Mr. Riley, sole proprietor and entire staff, eyed his first visitor of the morning warily. "Oh, 'tis a great thing t'be on yer side iv the bar," he said, "and be able to ordher on credhit. Me, I can ordher all I want from th' distill'ry, but they'll onny deliver fir cash. 'Tis enough to drive a man to dhrink. But not to sarve one."

"Ye don't understand, Misther Riley," said Hennessey softly, suddenly beguiling as a leprechaun. "Look at all the credhit I've amassed here through th' years. And now I'm offerin' you th' chanst to take an IOU fir th' whole sum, like a bona fide multi-tranche CFO that can't go wrong. I know. I've been readin' up on these things in Investor's Daily, or maybe 'twas th' Thoroughbred Times. I get 'em confused. But I tell you, my credhit is as sound as as Lehman Brothers, or is it Bear Stearns or AIG? Annyways, th' stars and the algorithms are with me. In hock signo vinces, as Father Kelly would say at mass. Or in the vernacular, which the church has started favorin' since Vatican II, 'tis a shure thing. What could be fairer, I ask ye."


"Puttin' me in front iv a firing squad at dawn," answered Mr. Riley. "You want to give me an IOU backed by yer unpaid tab? Where d'ye come up with such grand ideas?"

"I been studyin' the prezydent's health-care insurance reform, reconciliation, and general rhubarb. 'Tis a deficit-reducing, 31-million-more covered, cheaper-by-the-billion wonder. With all due rayspect, little as that may be in your case, Misther Riley, the throuble with you consarvatives is you just don't understhand high finance and low polytics. The more dhrinks you sarve me, the more money you make, an' the happier we'll both be. What could be simpler?"

"Bankruptcy," replied Mr. Riley. "Whattya take me fir, th' average American taxpayer? 'Tis aisy enough for you to come up with such grand opportunyties fir me, havin' no hard cash iv your own, but me, the onny way I can eke out what congressmen call an honorarium, meanin' there's little enough honor in it, is to dilute me merchandyze, an' now you'd divest me of what little stock I've left by parchasin' it with me own money. Have ye no shame?"

"No, I'm a Dimmycrat," replied Mr. Hennessey proudly. "Shame is fir Raypublicans. But I'd think even your hard cold heart would relent just one day a year to offer one iv yer oldhest friends and constant debtors a bit of bottled cheer on Saint Paddy's Day. Ye have heard tell of Saint Patrick, haven't ye? Or did word of 'im nivir get to Cork?


"If I was from County Mayo, I wouldn't be puttin' on airs," said Mr. Riley. "Of course I've heard of Saint Patrick! He's th' Frenchman who left Ireland so poor that not even a snake could live there."

"Joke about annythin' you like," said Hennessey, looking less than amused and eyeing the ornamental Shillelagh mounted on the wall. "But not about Saint Patrick. Or else...."

"Or else what? Ye'll take yer bad debts elsewhere? I've been sarvin' free dhrinks to th' likes of you fir nigh onto twanty years now, and I've nawthin' to show fir it but the bad company. The closest I've ivir come to seein' any green is on the free lunch."

"Well," said Hennessey, "thank th' Lord fir the color of it annyway, as Mrs. Muldoon said when she heard her sister-in-law had the gangrene."

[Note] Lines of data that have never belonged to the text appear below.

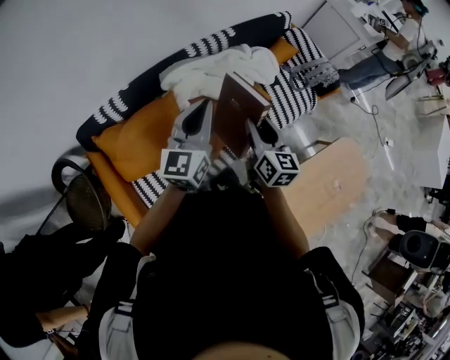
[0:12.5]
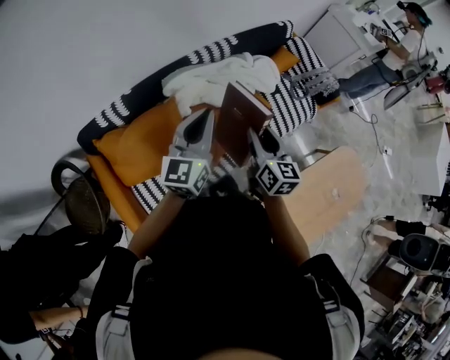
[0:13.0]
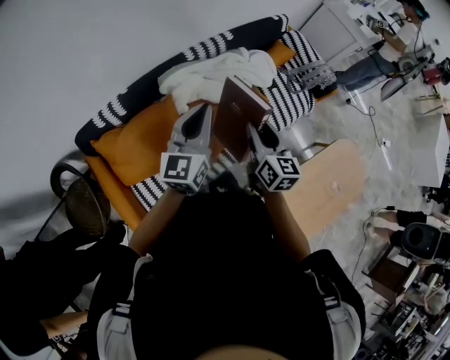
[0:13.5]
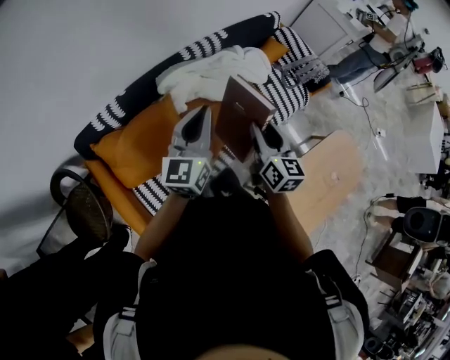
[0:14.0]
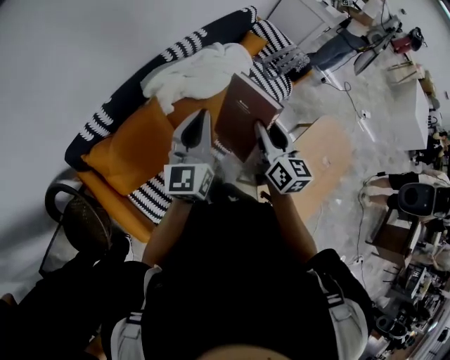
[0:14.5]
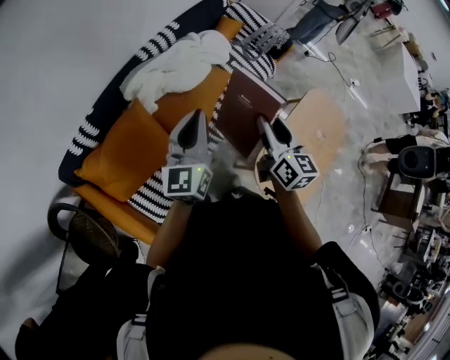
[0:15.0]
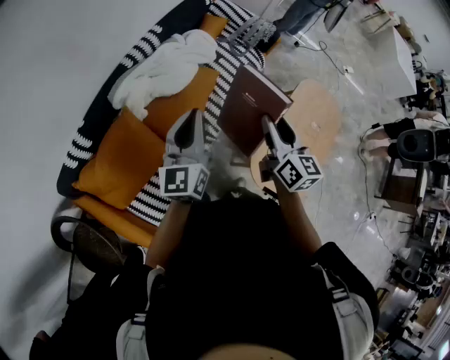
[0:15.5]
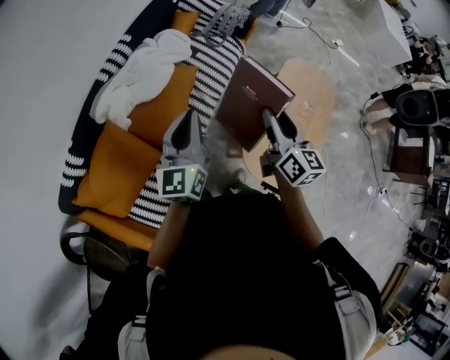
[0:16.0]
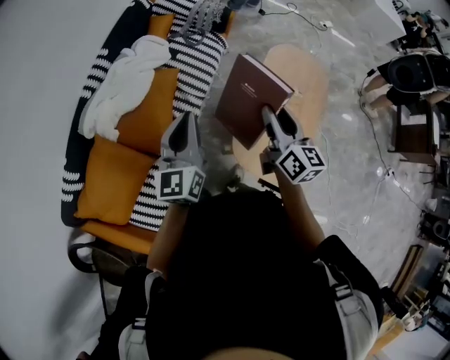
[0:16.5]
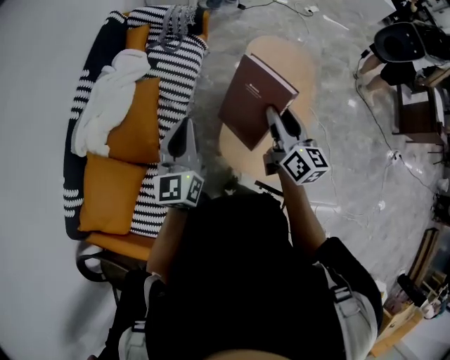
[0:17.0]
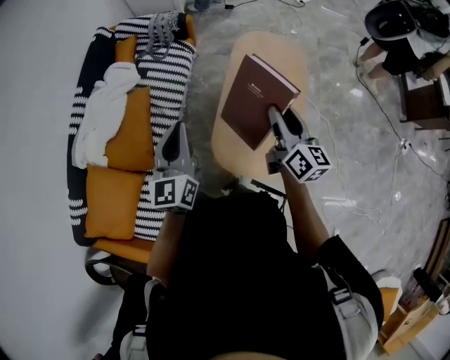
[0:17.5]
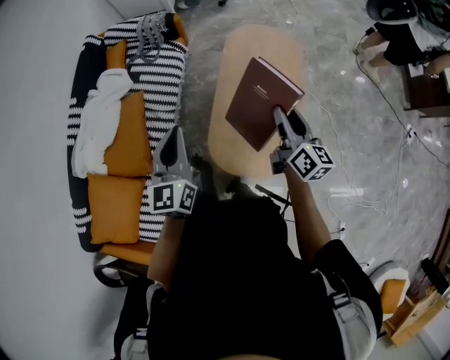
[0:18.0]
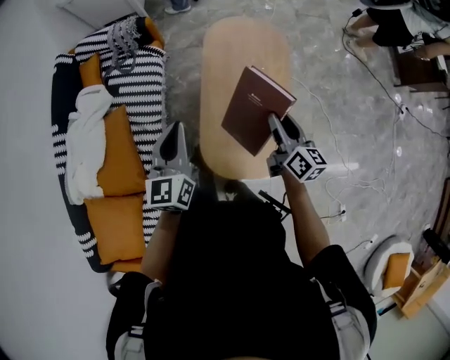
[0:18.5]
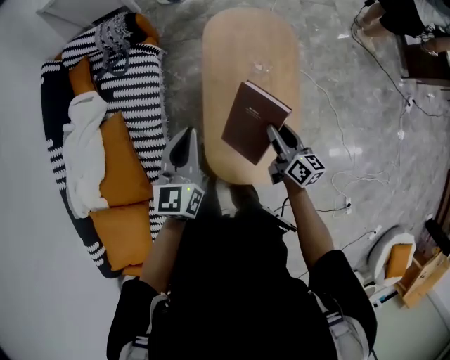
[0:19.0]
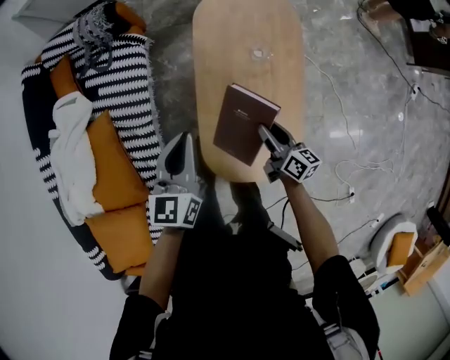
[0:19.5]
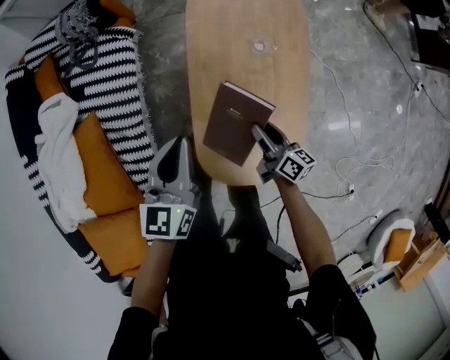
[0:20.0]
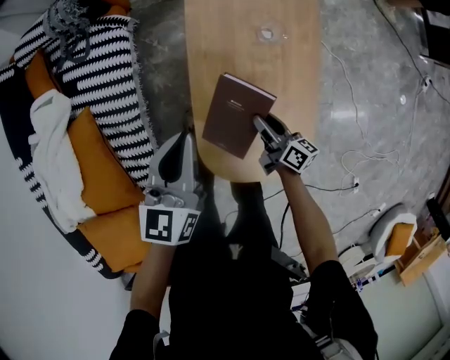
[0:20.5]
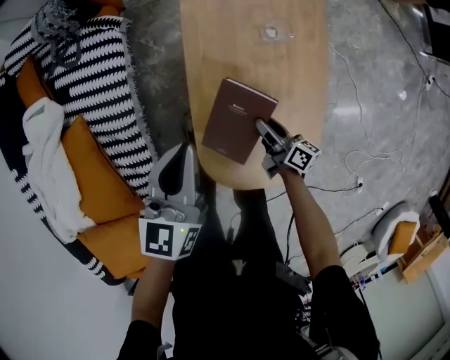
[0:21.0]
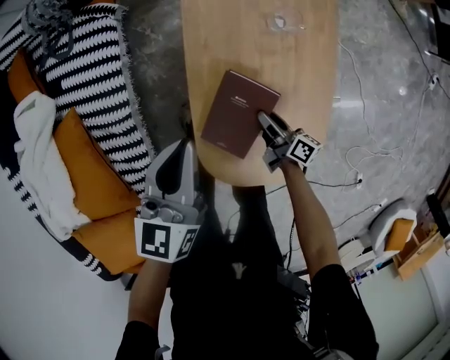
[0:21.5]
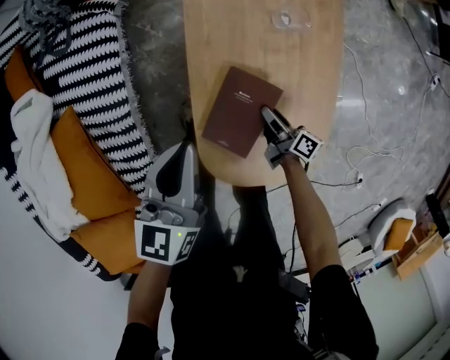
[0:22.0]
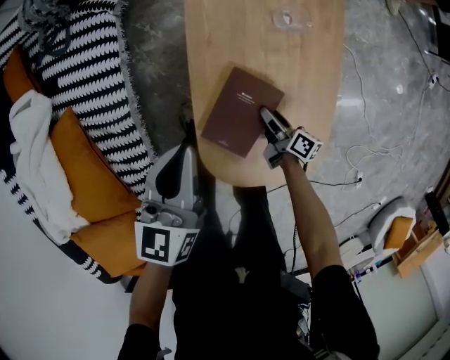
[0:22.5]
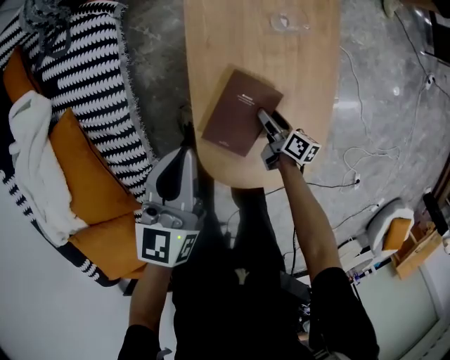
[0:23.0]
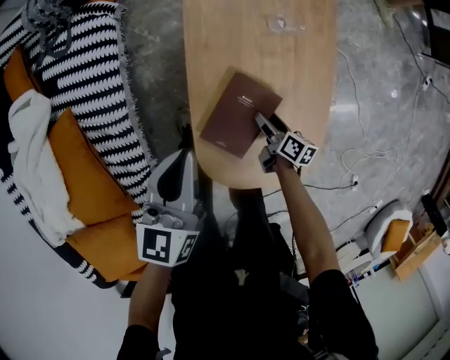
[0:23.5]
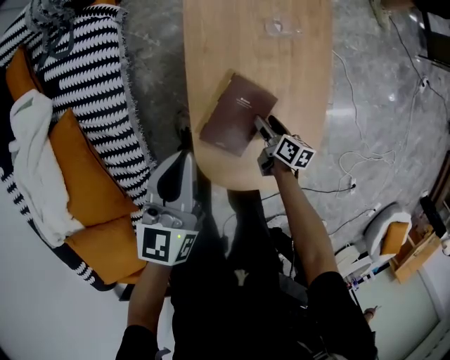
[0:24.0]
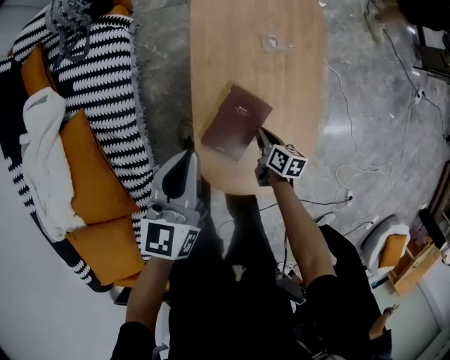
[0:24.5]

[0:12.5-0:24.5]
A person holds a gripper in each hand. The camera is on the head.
0:12.5 to 0:14.5: The left gripper is displaced backward by some 5 cm. Meanwhile the right gripper is displaced backward and upward by roughly 10 cm.
0:14.5 to 0:16.5: The grippers both shift to the right by some 30 cm. The right gripper swivels some 30 degrees, while the left gripper rotates roughly 20 degrees.
0:16.5 to 0:18.5: The left gripper goes approximately 30 cm to the right and forward, and swivels approximately 20 degrees. The right gripper shifts some 35 cm to the right and downward, and changes its angle by about 20 degrees.
0:18.5 to 0:20.5: The right gripper goes about 35 cm downward, and changes its angle by about 20 degrees. Meanwhile the left gripper is displaced downward by about 20 cm.
0:20.5 to 0:22.5: The right gripper travels downward by some 15 cm. The left gripper goes roughly 10 cm downward.
0:22.5 to 0:24.5: The right gripper turns by roughly 30 degrees, and closes its fingers. The left gripper moves upward, about 5 cm.

"The problem with Saint Patrick's Day," said Mr. Riley, "is payple like you, Hinnissey, who feel a solemn oblygation t'be happy. But ye can't ordher somewan else t'be happy. Happiness isn't a command but a condytion. It usually arrives whin ye're caught up in sawmthin' else, like a poker game or a fistfight. 'Tis better t' stick with tragedy. It delivers what it promises. 'Tis a great cawmfort, tragedy. It takes your mind off yer troubles. 'Tis an art, tragedy is. Happiness is only a craft, like makin' sweaters or writin' fir the noospapers. Takes no real talent a-tall."

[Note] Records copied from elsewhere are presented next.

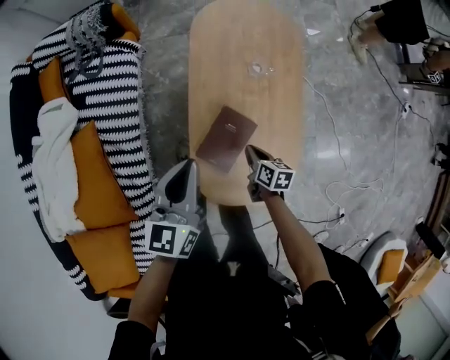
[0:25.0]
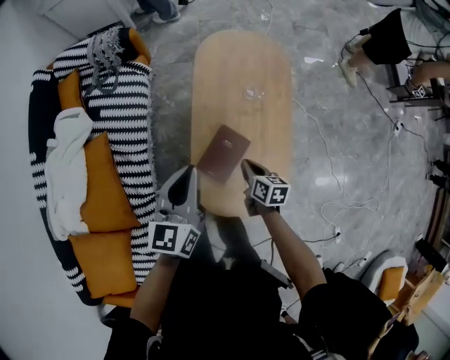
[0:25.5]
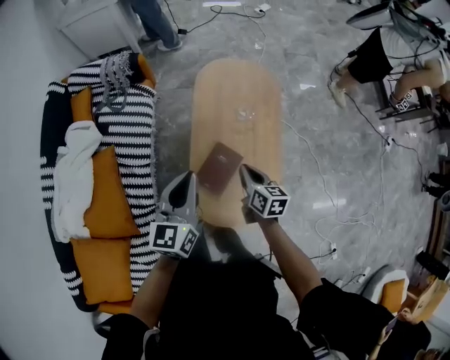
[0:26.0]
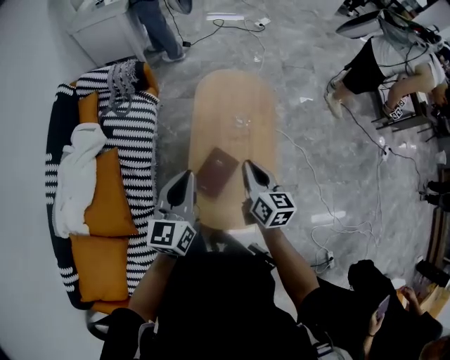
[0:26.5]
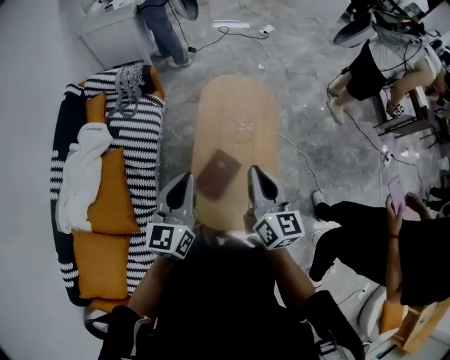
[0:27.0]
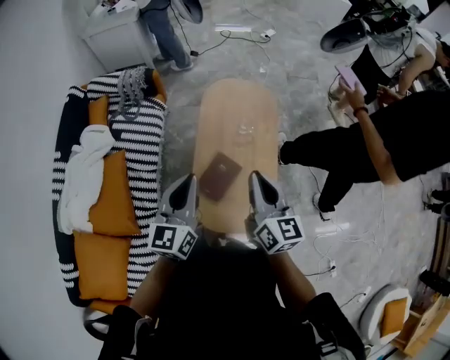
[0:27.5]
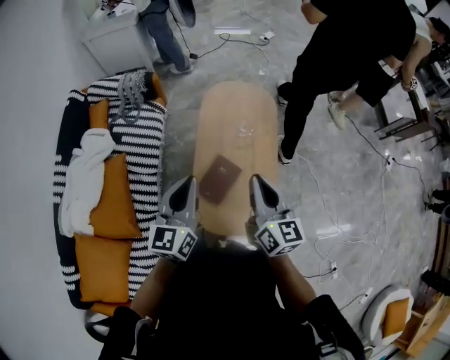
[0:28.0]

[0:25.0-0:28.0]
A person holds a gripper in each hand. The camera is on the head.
0:25.0 to 0:26.5: The right gripper moves upward, approximately 35 cm, and changes its angle by about 40 degrees. The left gripper goes about 15 cm upward.
0:26.5 to 0:28.0: The right gripper heads upward and backward, covering roughly 10 cm.

"Very well," said Hennessey. "Be sad then. Show the worrld what ye think of yer hurtage. Be as gloomy as a Protystant Sunday. Save yer sillybratin' fir th' Queen's Birthday fir all I care."

"Wait a blessed minute," said Mr. Riley, pouring out two shots of the house's best. "Don't be tellin' an Irishman whin t'be happy or sad. Not on his own premises. Not on th' day when th' whole wurrld is Irish -- or wishes it was. Yer credhit's no good here. Ye'll have to dhrink op free of charge. Erin go Bragh!"

"And E Pluribus Unum to you," toasted Hennessey in return. "Which I think means: From many to Irish!"